July 12 (Bloomberg) -- U.S. lenders are notifying more delinquent homeowners they face foreclosure, a step toward clearing a backlog of properties and helping to accelerate a housing recovery.
Initial notices of foreclosure, the start of the process, jumped 6 percent in the second quarter from a year earlier, the first annual increase since 2009, according to RealtyTrac Inc., a seller of housing market data. Banks at the same time found alternatives to the final step of seizing the home, either by working with the borrower or by agreeing to sell properties for less than what was owed, with repossessions falling 22 percent.
“You have to get to the point where the market can heal itself and foreclosures and price adjustments are the only way that can happen,” said Anthony B. Sanders, economics professor at George Mason University in Fairfax, Virginia.
The housing market’s rebound has been restrained by the so-called shadow inventory of homes with mortgages at least 90 days delinquent, in foreclosure or already owned by banks, while foreclosures had been stalled since late 2010, when state attorneys general and federal regulators began investigating abuses by banks, including lost or doctored paperwork. They started to pick up again after the nation’s five biggest banks settled the probe for $25 billion in February.

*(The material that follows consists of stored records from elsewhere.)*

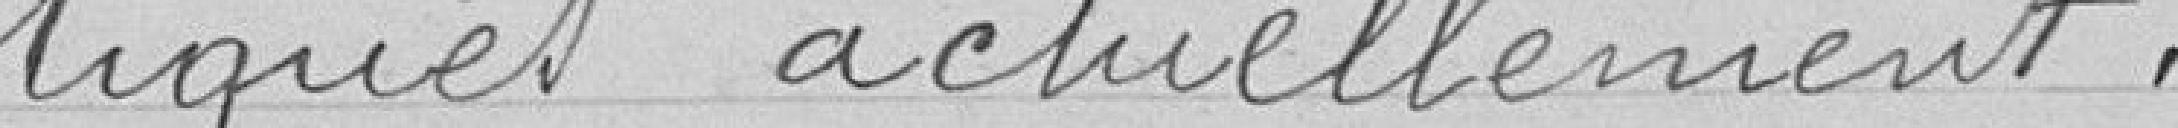
tiqués actuellement.
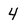
Character: 4
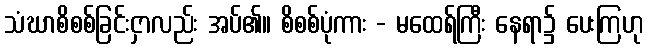
သံဃာစိစစ်ခြင်းငှာလည်း အပ်၏။ စိစစ်ပုံကား - မထေရ်ကြီး နေရာ၌ ပေးကြဟု
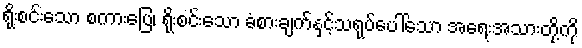
ရိုးစင်းသော စကားပြေ၊ ရိုးစင်းသော ခံစားချက်နှင့်သရုပ်ပေါ်သော အရေးအသားတို့ကို
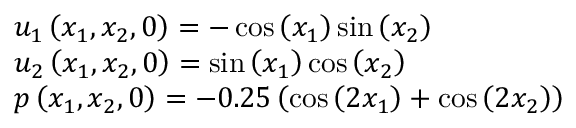
\begin{array} { r l } & { u _ { 1 } \left( x _ { 1 } , x _ { 2 } , 0 \right) = - \cos \left( x _ { 1 } \right) \sin \left( x _ { 2 } \right) } \\ & { u _ { 2 } \left( x _ { 1 } , x _ { 2 } , 0 \right) = \sin \left( x _ { 1 } \right) \cos \left( x _ { 2 } \right) } \\ & { p \left( x _ { 1 } , x _ { 2 } , 0 \right) = - 0 . 2 5 \left( \cos \left( 2 x _ { 1 } \right) + \cos \left( 2 x _ { 2 } \right) \right) } \end{array}
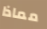
مماذا

“The market has to deal with these distressed properties at some point and I believe we’ve delayed it long enough so seeing these increases isn’t necessarily a bad thing,” said Daren Blomquist, a spokesman for Irvine, California-based RealtyTrac. “The market has strengthened and is more equipped to absorb this additional foreclosure inventory.”

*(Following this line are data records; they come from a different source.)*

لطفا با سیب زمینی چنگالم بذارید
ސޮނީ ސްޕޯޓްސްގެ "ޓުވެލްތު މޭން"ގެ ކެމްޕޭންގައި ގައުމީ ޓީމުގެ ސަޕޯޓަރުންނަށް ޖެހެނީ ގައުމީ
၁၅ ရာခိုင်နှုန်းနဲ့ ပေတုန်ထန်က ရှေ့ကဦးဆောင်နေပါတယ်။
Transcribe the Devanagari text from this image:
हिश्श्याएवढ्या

Mortgage delinquencies are dropping, with the share of home loans at least 30 days late dropping to 7.4 percent in the first quarter from 7.58 percent in the prior three months, according to the Mortgage Bankers Association. Demand for real estate is rising amid record-low borrowing costs and tight inventories of available real estate. Contracts to buy previously owned homes rose 5.9 percent in May, matching a two-year high reached in March, the National Association of Realtors said.

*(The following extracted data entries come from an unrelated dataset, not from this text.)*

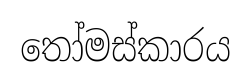
තෝමස්කාරය
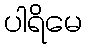
ပါရိမေ
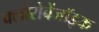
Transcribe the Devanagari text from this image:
क्लोरोबेंजॉइक
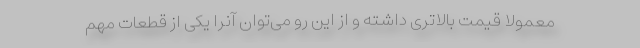
معمولاً قیمت بالاتری داشته و از این رو می‌توان آنرا یکی از قطعات مهم

The shadow inventory of homes fell in April to the lowest level in more than three years as delinquencies improve and banks find alternative means of disposing of properties, CoreLogic Inc. said last month. Lenders increasingly are able to avoid taking possession of homes by modifying mortgages, reducing principal or refinancing loans, and short sales, in which banks allow delinquent borrowers to sell properties for less than they owe, according to RealtyTrac.